Work instruction: Work out how many lines of the listing below mention the word "Answer", and give only that figure.

##############################

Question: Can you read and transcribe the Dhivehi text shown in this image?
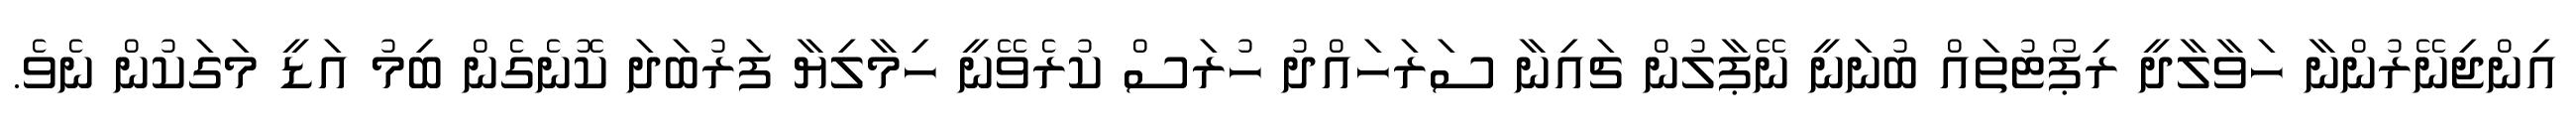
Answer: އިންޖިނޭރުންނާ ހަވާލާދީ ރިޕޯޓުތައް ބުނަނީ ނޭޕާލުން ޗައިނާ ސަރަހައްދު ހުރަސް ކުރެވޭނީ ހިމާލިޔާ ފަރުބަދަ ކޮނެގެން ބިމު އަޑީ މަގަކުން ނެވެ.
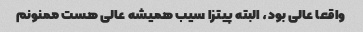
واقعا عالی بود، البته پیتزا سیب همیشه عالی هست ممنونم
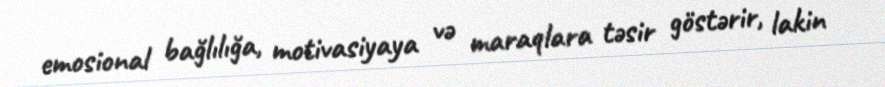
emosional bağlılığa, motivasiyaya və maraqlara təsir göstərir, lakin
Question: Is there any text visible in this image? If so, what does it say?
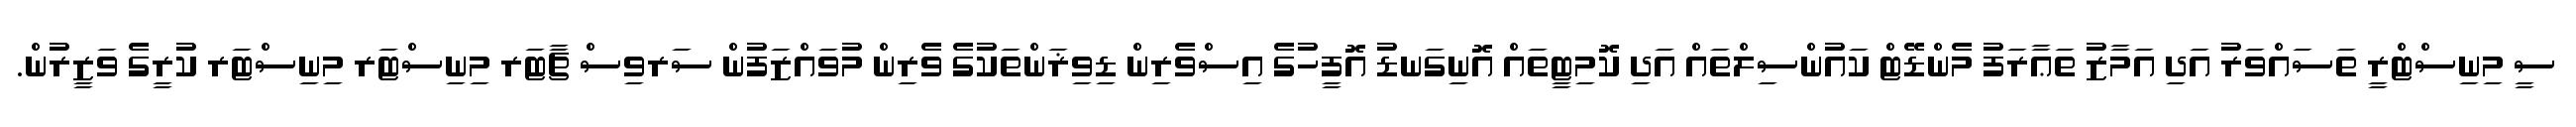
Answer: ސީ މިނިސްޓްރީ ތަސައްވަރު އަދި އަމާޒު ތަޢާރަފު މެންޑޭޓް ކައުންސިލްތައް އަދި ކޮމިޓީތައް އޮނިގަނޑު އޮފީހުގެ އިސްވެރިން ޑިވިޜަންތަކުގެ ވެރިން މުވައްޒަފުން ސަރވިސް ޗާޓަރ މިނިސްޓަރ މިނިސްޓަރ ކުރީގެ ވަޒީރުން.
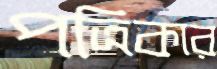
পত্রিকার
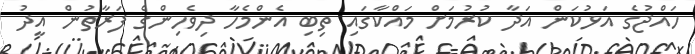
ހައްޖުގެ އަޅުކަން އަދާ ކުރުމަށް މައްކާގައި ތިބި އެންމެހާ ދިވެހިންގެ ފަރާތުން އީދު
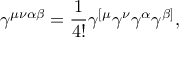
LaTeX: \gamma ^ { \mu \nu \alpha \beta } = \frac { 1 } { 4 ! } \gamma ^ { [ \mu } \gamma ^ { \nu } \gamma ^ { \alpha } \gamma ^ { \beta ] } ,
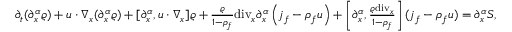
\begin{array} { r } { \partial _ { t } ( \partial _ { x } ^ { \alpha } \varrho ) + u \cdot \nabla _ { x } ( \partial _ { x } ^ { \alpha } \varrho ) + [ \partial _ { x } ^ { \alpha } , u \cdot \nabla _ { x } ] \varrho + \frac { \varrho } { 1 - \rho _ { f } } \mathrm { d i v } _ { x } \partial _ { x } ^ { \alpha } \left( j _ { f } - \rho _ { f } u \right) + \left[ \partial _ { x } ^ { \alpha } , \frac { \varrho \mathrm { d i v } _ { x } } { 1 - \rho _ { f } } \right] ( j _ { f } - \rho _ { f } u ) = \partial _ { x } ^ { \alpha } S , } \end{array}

##############################

Reply: 2